(Saved entries)
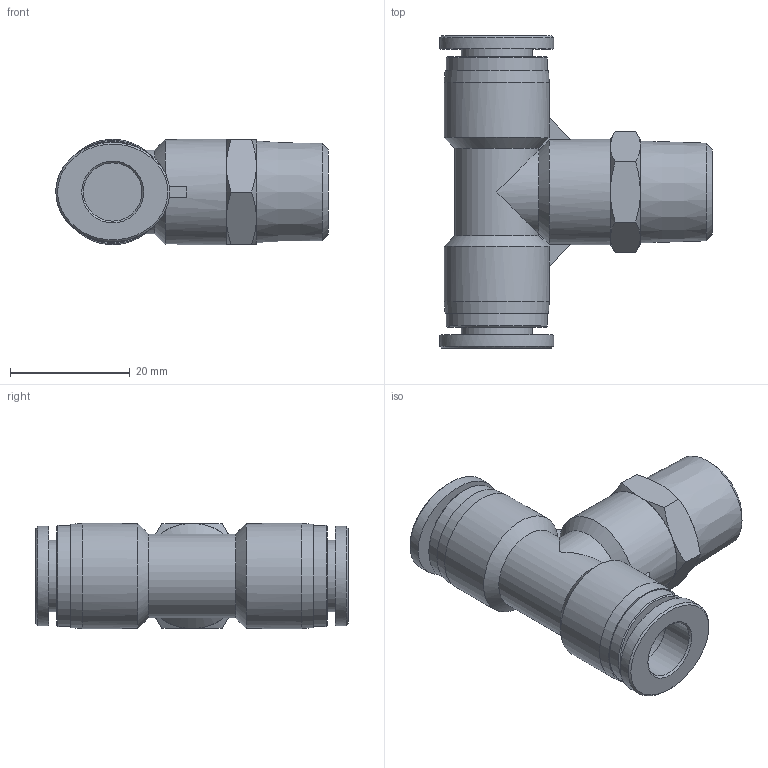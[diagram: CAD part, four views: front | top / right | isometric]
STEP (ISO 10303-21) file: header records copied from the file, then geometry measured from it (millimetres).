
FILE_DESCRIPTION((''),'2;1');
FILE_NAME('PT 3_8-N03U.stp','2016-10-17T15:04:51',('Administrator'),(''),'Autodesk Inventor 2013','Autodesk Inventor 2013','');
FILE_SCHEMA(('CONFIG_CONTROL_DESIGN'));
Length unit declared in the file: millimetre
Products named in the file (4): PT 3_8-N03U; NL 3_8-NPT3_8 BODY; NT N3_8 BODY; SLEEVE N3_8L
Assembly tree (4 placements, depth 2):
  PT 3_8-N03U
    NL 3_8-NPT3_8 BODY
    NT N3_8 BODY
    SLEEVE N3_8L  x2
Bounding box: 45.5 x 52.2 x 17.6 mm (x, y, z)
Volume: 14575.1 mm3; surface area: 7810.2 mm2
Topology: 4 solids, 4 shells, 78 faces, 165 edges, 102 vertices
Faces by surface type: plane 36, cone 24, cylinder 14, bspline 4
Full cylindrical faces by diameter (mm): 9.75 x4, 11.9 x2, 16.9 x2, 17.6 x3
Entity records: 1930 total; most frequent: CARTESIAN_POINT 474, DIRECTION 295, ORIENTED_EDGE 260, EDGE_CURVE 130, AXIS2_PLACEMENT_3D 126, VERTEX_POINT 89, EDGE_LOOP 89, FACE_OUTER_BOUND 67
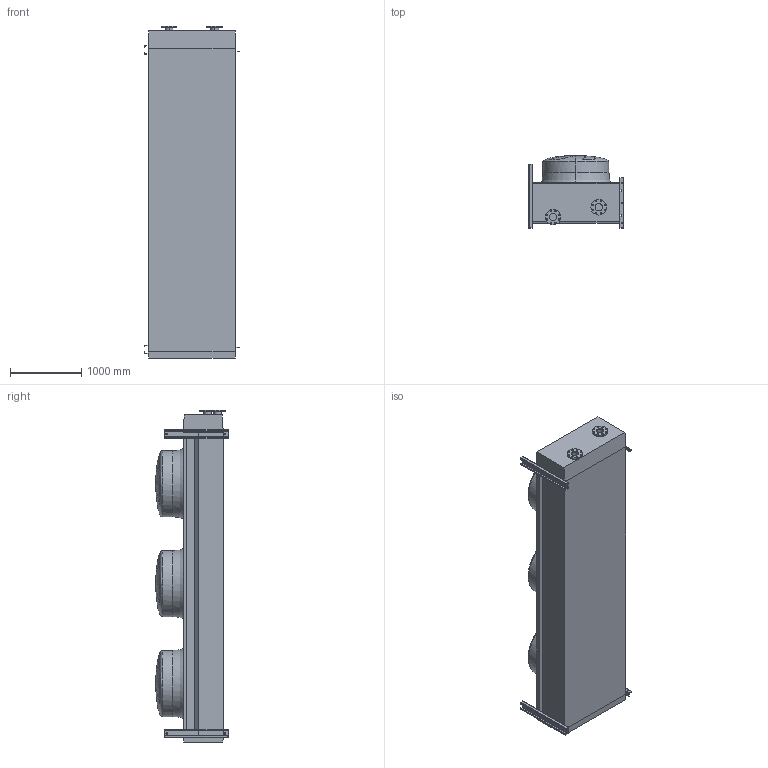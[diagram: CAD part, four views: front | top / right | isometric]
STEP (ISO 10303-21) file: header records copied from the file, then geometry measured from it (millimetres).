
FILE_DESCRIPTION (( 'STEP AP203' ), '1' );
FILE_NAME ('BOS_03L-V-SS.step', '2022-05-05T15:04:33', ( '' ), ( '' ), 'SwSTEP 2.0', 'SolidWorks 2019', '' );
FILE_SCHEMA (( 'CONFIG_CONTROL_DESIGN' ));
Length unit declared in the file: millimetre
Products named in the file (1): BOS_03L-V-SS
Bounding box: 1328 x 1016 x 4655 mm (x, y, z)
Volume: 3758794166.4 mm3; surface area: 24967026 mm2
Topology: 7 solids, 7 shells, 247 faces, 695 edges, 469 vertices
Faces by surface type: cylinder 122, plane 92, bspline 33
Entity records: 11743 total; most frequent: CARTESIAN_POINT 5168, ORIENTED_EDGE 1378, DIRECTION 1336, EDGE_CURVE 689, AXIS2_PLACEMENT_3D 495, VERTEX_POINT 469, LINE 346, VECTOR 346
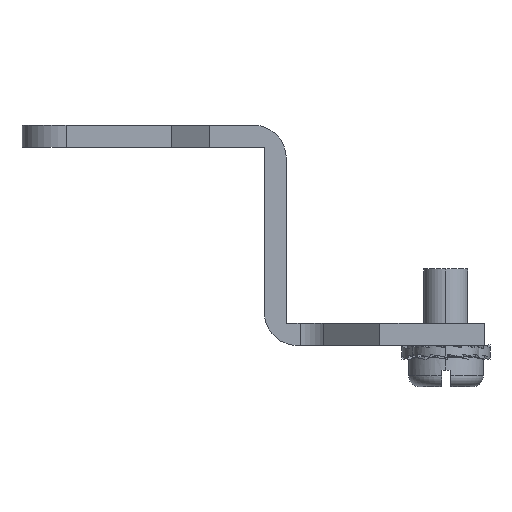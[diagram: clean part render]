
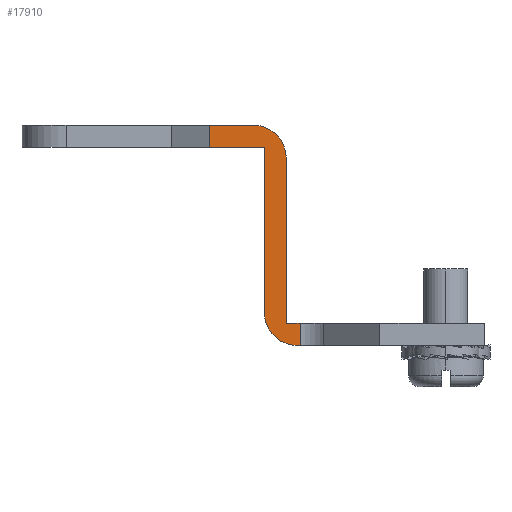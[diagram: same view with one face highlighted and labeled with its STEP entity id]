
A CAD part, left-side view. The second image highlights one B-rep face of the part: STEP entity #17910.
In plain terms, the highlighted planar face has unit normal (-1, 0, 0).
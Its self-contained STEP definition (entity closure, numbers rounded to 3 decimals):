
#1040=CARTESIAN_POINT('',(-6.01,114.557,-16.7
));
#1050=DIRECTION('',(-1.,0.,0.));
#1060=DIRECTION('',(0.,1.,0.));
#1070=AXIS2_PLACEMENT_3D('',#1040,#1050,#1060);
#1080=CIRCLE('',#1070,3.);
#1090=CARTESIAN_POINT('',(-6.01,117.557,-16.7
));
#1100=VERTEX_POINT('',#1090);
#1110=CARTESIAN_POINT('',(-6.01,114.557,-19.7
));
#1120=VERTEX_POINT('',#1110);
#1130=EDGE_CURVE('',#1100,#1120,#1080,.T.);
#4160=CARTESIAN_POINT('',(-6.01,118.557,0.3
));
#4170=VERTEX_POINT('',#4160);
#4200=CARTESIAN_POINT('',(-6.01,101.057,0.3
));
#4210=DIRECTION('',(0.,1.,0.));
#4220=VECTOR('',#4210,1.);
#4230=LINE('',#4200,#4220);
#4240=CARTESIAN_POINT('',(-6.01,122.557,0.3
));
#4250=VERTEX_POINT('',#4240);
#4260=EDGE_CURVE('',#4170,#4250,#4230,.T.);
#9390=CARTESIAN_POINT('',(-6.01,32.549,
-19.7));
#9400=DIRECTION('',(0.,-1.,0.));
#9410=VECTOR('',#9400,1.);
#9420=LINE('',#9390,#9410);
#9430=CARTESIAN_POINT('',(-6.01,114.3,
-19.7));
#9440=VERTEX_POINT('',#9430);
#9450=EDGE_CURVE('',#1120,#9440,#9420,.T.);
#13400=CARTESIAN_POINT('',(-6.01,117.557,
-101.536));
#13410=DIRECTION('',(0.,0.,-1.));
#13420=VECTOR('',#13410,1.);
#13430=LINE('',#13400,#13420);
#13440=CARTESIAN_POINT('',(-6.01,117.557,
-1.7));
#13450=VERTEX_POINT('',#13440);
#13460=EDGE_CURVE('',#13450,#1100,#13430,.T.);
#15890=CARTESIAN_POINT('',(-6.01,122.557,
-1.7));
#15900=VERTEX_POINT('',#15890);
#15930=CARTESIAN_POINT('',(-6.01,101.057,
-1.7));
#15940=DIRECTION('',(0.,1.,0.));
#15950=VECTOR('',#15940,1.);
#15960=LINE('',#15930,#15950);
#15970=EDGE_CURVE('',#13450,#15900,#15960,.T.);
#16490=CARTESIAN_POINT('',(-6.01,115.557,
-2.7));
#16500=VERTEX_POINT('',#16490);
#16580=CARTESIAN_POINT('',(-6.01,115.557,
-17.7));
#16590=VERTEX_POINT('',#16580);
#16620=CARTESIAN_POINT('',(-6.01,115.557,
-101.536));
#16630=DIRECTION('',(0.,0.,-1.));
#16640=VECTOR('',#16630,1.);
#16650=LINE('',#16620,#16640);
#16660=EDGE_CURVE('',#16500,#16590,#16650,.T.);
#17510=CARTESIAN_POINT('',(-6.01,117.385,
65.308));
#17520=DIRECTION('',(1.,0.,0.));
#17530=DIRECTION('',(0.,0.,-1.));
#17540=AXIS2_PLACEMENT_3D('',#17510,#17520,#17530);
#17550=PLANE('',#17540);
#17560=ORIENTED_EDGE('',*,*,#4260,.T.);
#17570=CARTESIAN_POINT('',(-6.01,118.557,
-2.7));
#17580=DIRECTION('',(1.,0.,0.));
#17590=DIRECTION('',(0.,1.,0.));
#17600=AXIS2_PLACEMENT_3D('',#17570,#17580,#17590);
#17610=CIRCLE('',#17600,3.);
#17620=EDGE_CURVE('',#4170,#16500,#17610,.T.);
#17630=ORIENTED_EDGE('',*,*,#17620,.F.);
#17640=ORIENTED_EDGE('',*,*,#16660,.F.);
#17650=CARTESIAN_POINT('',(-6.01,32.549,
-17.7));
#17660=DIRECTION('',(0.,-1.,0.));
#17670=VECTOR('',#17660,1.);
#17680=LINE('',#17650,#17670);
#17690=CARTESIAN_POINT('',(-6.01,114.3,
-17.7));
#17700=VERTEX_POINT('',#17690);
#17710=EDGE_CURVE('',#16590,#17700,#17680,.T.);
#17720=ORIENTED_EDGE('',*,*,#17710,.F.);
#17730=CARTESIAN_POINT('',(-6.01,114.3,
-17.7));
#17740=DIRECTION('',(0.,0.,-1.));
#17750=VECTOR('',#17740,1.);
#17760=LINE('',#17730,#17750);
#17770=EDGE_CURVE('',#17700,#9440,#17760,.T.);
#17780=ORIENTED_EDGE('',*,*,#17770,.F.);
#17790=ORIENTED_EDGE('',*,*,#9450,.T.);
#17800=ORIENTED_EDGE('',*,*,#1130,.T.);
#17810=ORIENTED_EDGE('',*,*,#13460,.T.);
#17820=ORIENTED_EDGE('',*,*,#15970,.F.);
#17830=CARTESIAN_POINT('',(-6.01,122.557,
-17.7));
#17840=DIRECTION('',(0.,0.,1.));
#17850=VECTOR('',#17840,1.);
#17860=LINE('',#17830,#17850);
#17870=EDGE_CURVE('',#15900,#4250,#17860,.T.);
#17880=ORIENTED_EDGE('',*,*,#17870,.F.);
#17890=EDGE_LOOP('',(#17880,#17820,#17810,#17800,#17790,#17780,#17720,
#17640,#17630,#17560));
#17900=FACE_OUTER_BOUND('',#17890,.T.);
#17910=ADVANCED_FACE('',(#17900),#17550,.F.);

What to produce -
The required result is the entries above, printed exactly from the first line through the line with "FILE_DESCRIPTION((''),'2;1');", pictures excluded.

Result of the exercise -
[diagram: CAD part, four views: front | top / right | isometric]
STEP (ISO 10303-21) file: header records copied from the file, then geometry measured from it (millimetres).
FILE_DESCRIPTION((''),'2;1');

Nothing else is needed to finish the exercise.